2021-10-18T23:24:09.098798+0000 | opal_client.client                      | INFO  | triggering shutdown with SIGTERM...
2021-10-18T23:24:09.197616+0000 | uvicorn.server                          | INFO  | Shutting down
[2021-10-18 23:24:09 +0000] [9] [INFO] Error while closing socket [Errno 9] Bad file descriptor
2021-10-18T23:24:09.298780+0000 | uvicorn.lifespan.on                     | INFO  | Waiting for application shutdown.
2021-10-18T23:24:09.299108+0000 | opal_client.client                      | INFO  | stopping background tasks...
2021-10-18T23:24:09.299252+0000 | opal_client.opa.runner                  | INFO  | Stopping opa runner
2021-10-18T23:24:09.299325+0000 | opal_client.opa.runner                  | INFO  | Stopping OPA
2021-10-18T23:24:09.299944+0000 | opal_client.opa.logger                  | INFO  | Shutting down...     {'time': '2021-10-18T23:24:09Z'}
2021-10-18T23:24:09.301328+0000 | opal_client.opa.logger                  | INFO  | Server shutdown.     {'time': '2021-10-18T23:24:09Z'}
2021-10-18T23:24:09.308254+0000 | opal_client.opa.logger                  | INFO  | Stopping decision logger. {'plugin': 'decision_logs', 'time': '2021-10-18T23:24:09Z'}
2021-10-18T23:24:09.308705+0000 | opal_client.opa.logger                  | INFO  | Flushing decision logs. {'plugin': 'decision_logs', 'time': '2021-10-18T23:24:09Z'}
2021-10-18T23:24:09.309221+0000 | opal_client.opa.logger                  | INFO  | All decisions in buffer uploaded. {'plugin': 'decision_logs', 'time': '2021-10-18T23:24:09Z'}
2021-10-18T23:24:09.311407+0000 | opal_client.opa.runner                  | INFO  | OPA exited with return code: 0
2021-10-18T23:24:10.300139+0000 | opal_client.client                      | INFO  | trying to shutdown DataUpdater and PolicyUpdater gracefully...
2021-10-18T23:24:10.300612+0000 | opal_client.data.updater                | INFO  | Stopping data updater
2021-10-18T23:24:10.300781+0000 | opal_client.policy.updater              | INFO  | Stopping policy updater
2021-10-18T23:24:10.301351+0000 | uvicorn.lifespan.on                     | INFO  | Application shutdown complete.
2021-10-18T23:24:10.301698+0000 | uvicorn.server                          | INFO  | Finished server process [9]
[2021-10-18 23:24:10 +0000] [9] [INFO] Worker exiting (pid: 9)
<green>{time}</green> | <blue>{name: <40}</blue>|<level>{level:^6} | {message}</level>
{exception}

I also tried setting up headers, as my opal-server has set up the JWT. However, still no luck.

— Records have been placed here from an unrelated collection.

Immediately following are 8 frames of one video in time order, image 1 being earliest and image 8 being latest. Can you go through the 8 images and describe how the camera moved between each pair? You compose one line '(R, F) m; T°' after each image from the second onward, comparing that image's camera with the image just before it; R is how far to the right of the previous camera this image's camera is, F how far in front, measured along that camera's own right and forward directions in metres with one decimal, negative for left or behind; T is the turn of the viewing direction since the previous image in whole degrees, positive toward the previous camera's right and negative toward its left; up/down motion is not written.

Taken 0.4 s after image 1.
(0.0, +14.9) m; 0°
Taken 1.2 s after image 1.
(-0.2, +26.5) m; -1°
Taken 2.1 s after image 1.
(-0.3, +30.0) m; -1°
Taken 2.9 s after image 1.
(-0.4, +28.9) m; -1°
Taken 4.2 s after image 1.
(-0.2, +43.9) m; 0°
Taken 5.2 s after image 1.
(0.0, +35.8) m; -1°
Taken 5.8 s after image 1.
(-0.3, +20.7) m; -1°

OPAL_DEFAULT_UPDATE_CALLBACKS: '{"callbacks":["http://opal-server-service.hm-opa:7002/data/callback_report",{"headers":{"secret-key":"looooogJWTToken"}})]}'

Any clue? Thanks!

asafc commented 2 years ago

hey @Hongbo-Miao,

this is the issue: OPAL cannot find the healthcheck policy file.

Critical: OPA health-check policy is enabled, but cannot find policy at /usr/local/lib/python3.8/site-packages/opal_client-0.1.15-py3.8.egg/opal_client/opa/healthcheck/opal.rego

As to why, i am suspecting it's because i did not add the policy file to the python package manifest. I will make sure and if so - i will fix it in the next version (which hopefully will be submitted tonight).

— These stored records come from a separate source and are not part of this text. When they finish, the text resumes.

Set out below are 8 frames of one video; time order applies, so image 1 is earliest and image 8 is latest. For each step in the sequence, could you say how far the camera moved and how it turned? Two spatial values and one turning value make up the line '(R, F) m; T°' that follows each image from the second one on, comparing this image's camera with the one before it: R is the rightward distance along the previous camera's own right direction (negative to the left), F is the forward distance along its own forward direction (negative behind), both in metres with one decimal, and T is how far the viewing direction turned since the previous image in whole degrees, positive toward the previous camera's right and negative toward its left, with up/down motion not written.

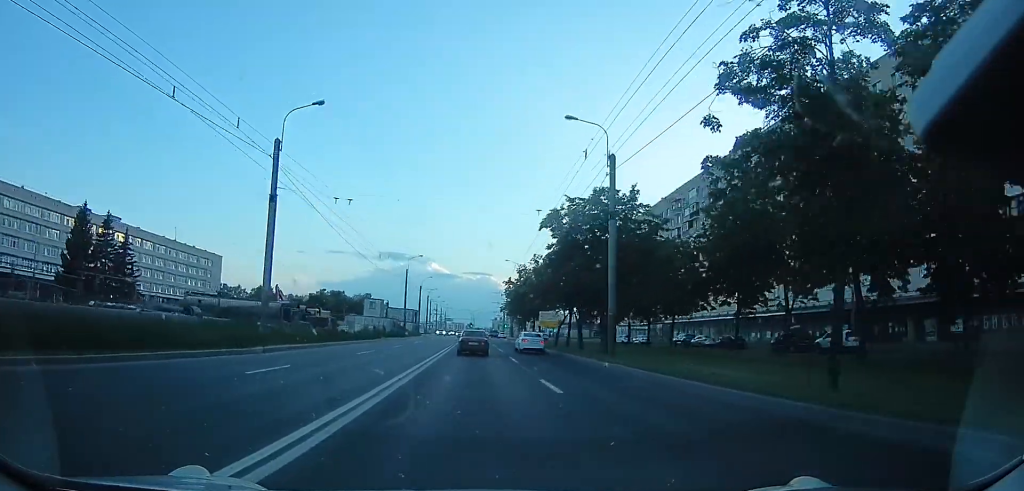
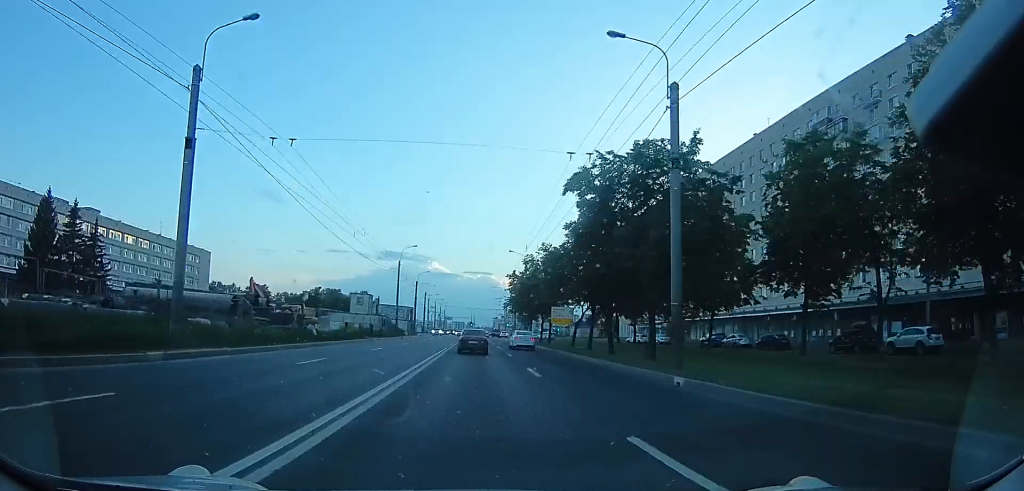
(0.0, +8.0) m; 0°
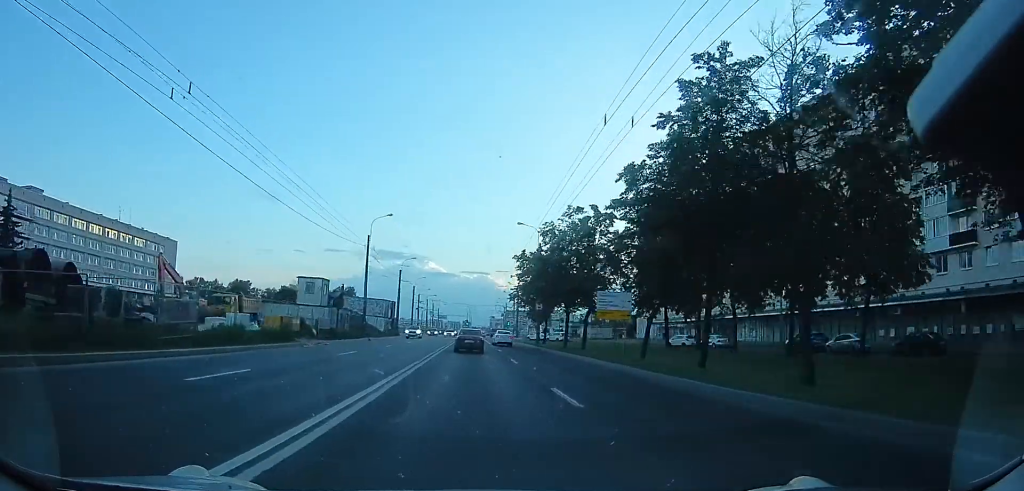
(0.0, +18.2) m; 0°
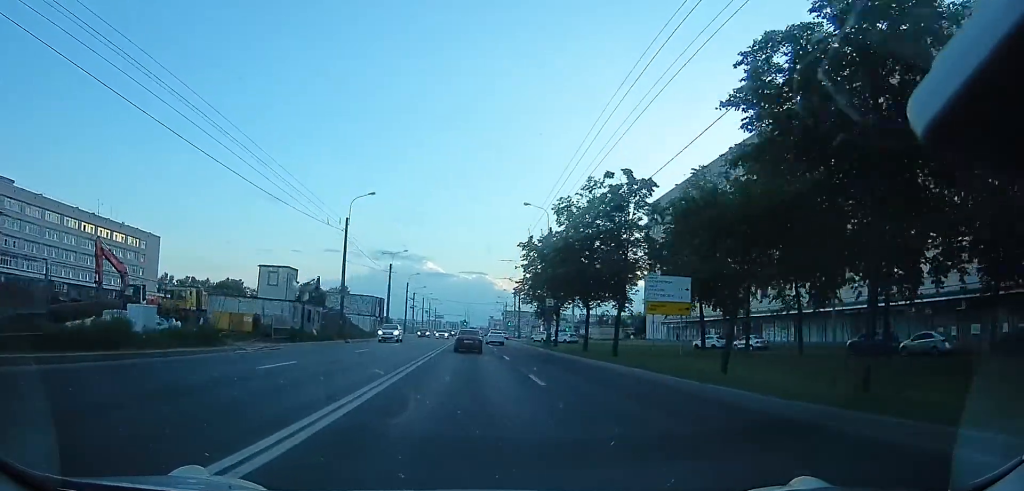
(0.0, +8.3) m; 0°
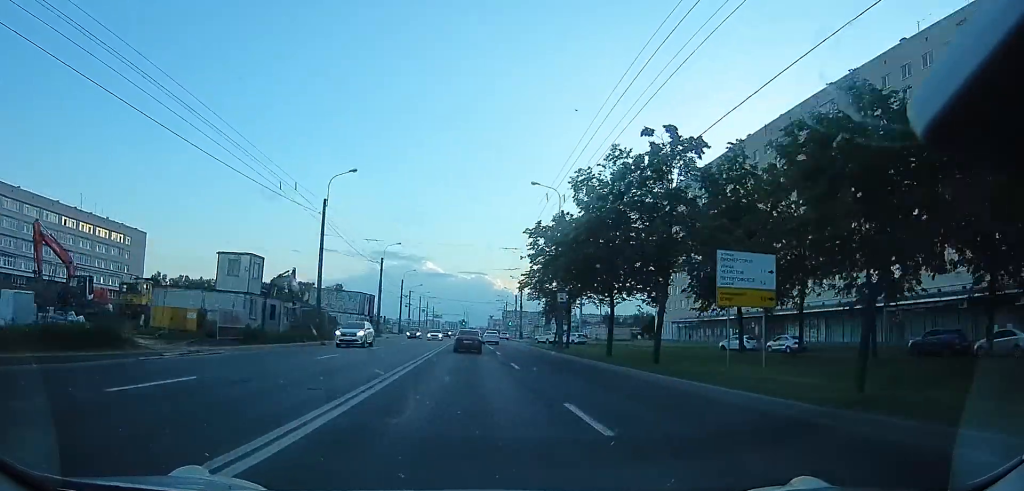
(0.0, +6.5) m; 0°
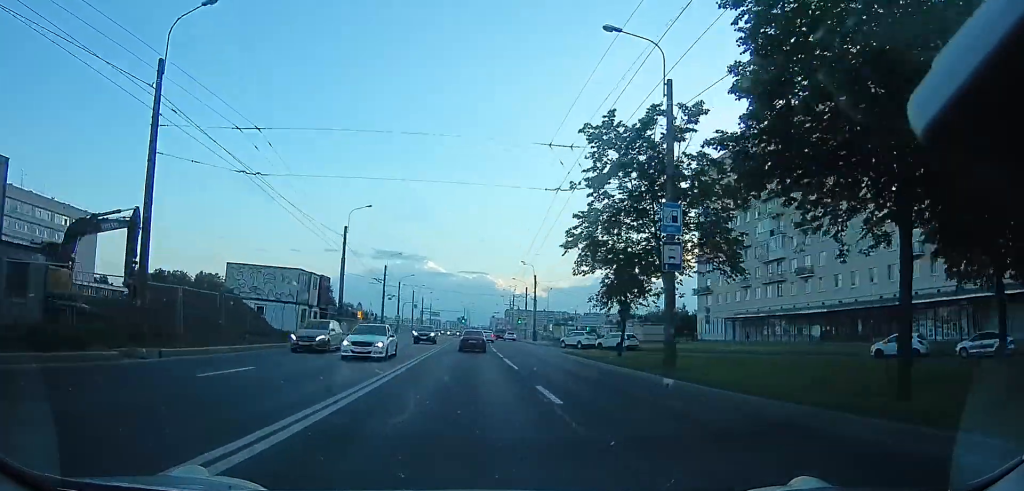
(0.0, +20.9) m; 0°
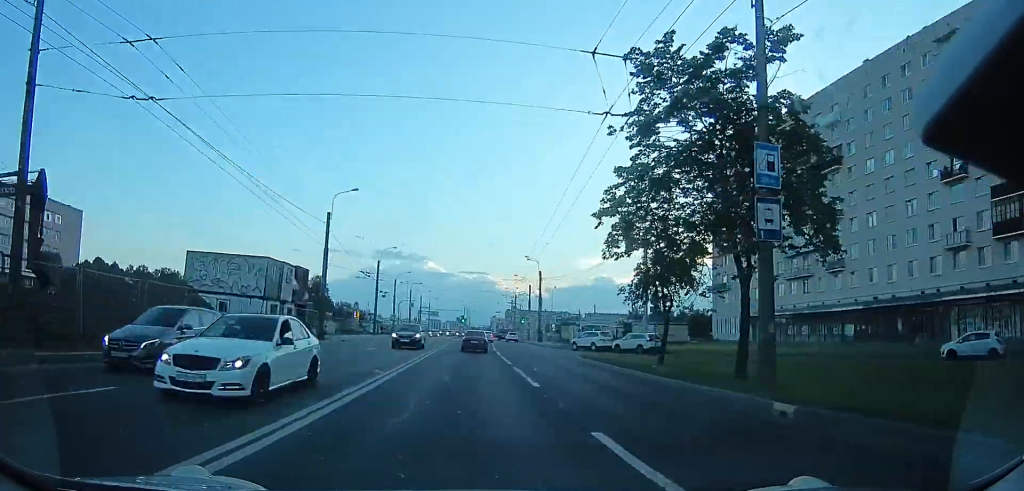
(0.0, +5.8) m; 0°
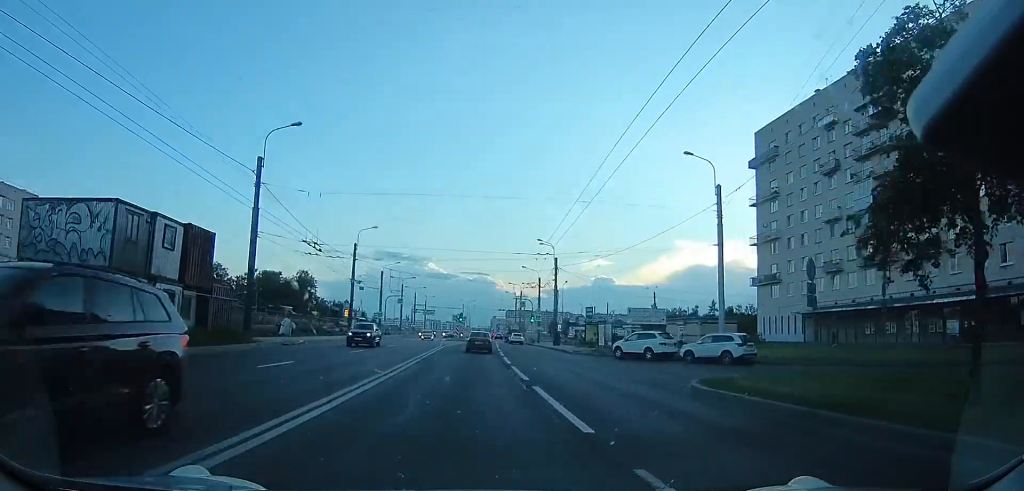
(0.0, +14.1) m; 0°

Did it work for you in docker compose?

hongbo-miao commented 2 years ago

@asafc thanks! Yup, the docker compose demo works for me.

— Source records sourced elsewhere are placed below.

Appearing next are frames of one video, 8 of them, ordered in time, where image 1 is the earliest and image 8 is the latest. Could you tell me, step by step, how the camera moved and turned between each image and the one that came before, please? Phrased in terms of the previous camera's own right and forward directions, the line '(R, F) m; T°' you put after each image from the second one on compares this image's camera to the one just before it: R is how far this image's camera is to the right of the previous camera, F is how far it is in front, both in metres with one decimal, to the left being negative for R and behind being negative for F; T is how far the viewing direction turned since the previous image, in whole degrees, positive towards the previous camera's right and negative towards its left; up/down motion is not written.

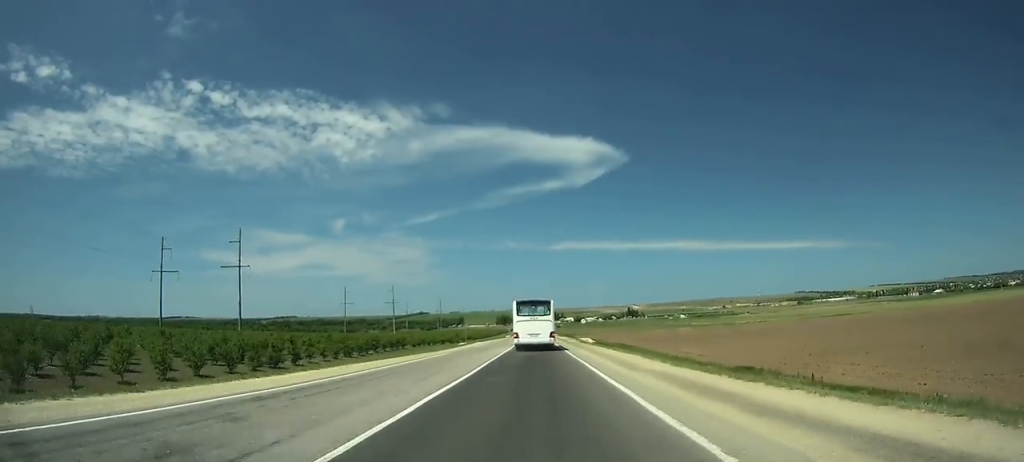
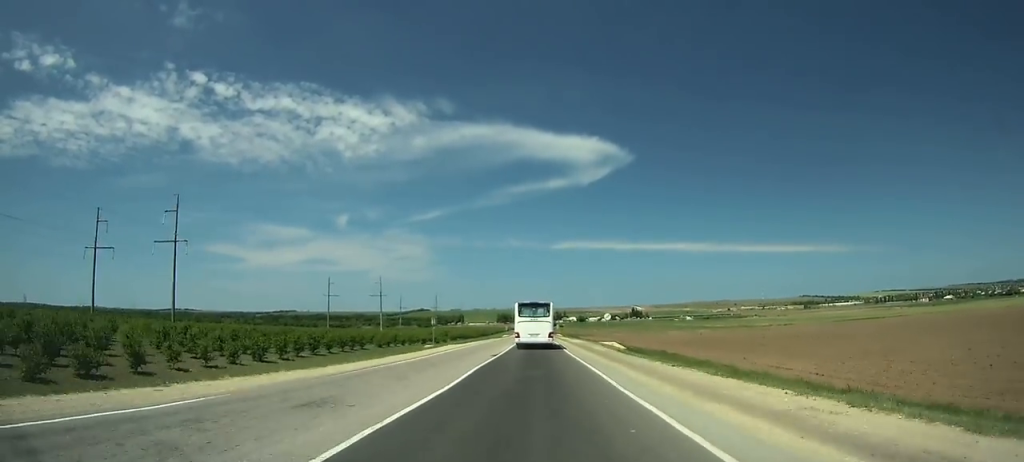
(0.0, +30.3) m; 0°
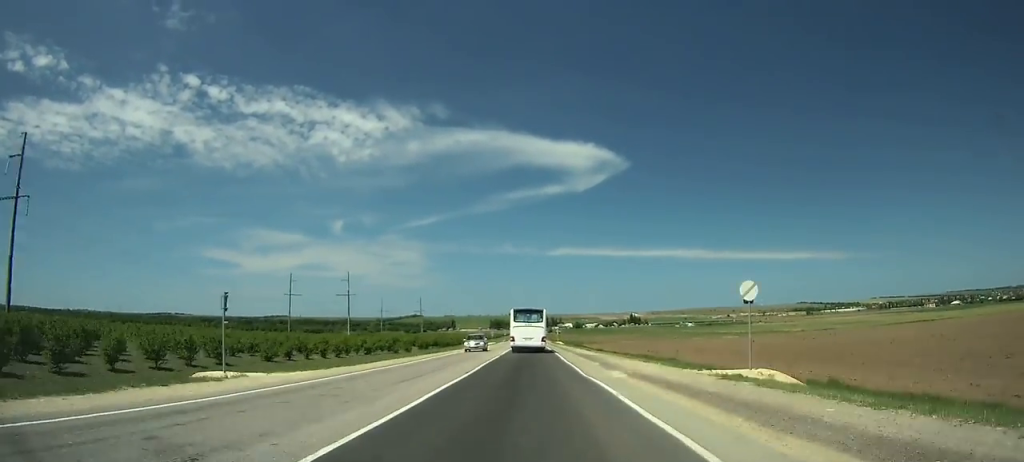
(+0.1, +43.3) m; 0°
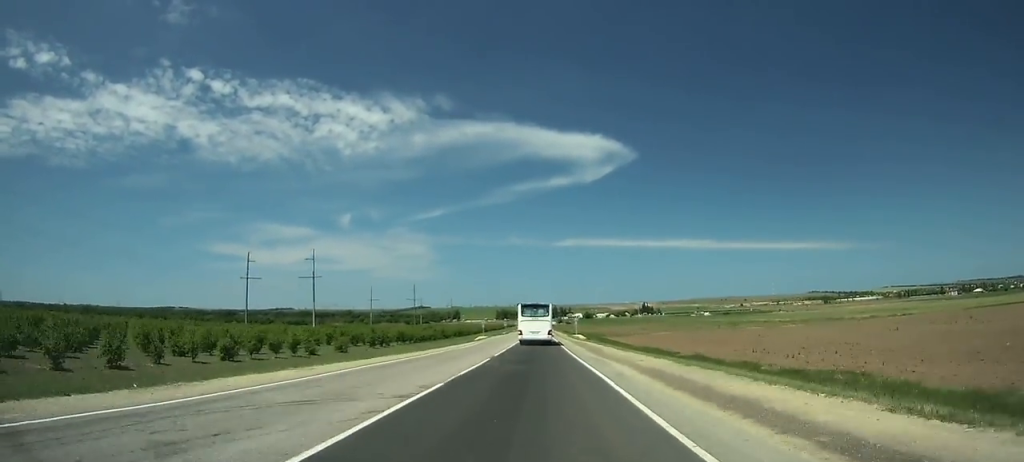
(-0.1, +48.5) m; 0°
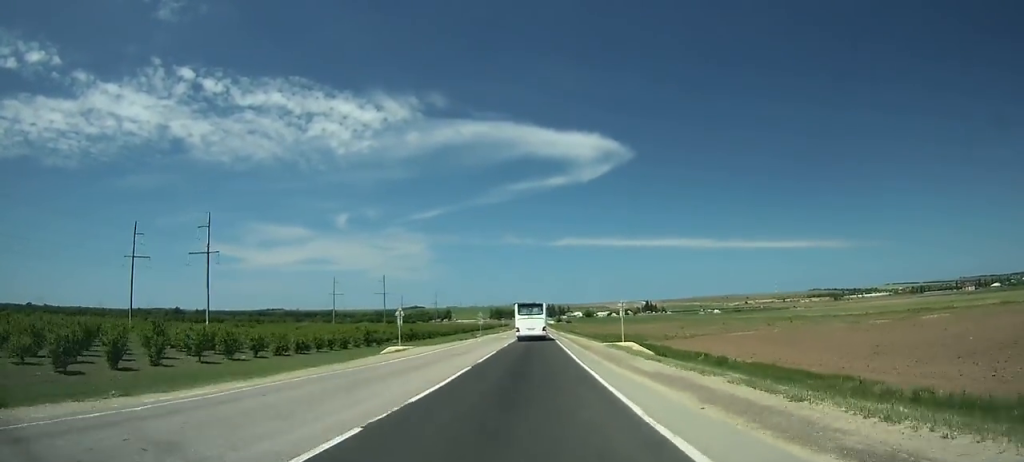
(-0.6, +67.9) m; -1°
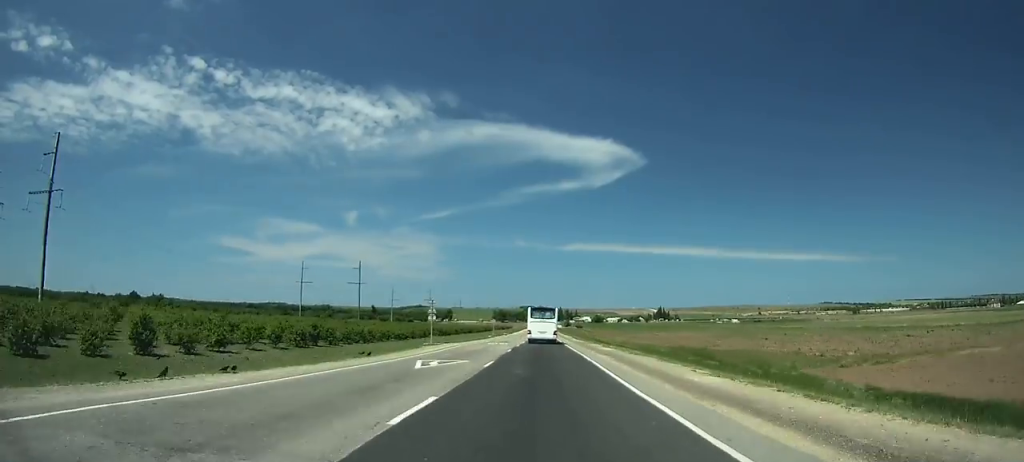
(-0.1, +55.6) m; 0°
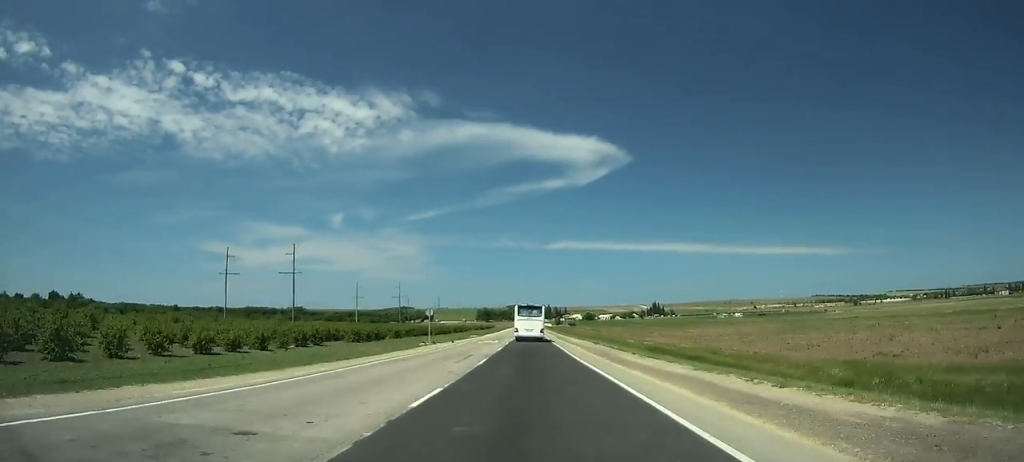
(+0.4, +57.9) m; +1°
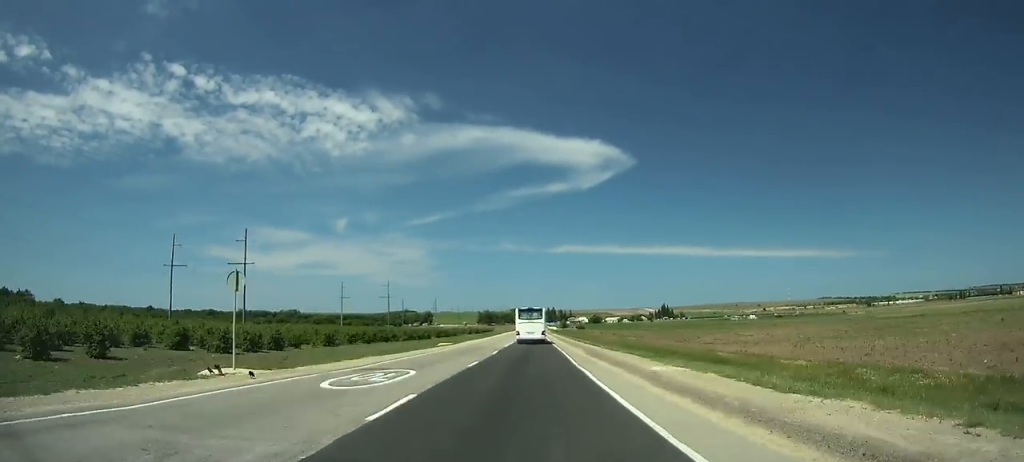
(+0.2, +37.6) m; 0°

asafc commented 2 years ago

Hey @Hongbo-Miao, i think i found the issue and it's indeed the manifest. What's weird, it seems the OPAL running in your k8s is being run from a different path. I suspect that you invoke OPAL differently in your k8s config.

I will fix it in the morning before releasing 0.1.16

asafc commented 2 years ago

Should be fixed in 0.1.16

hongbo-miao commented 2 years ago

Confirmed, the healthcheck has been fixed in 0.1.16! Thanks!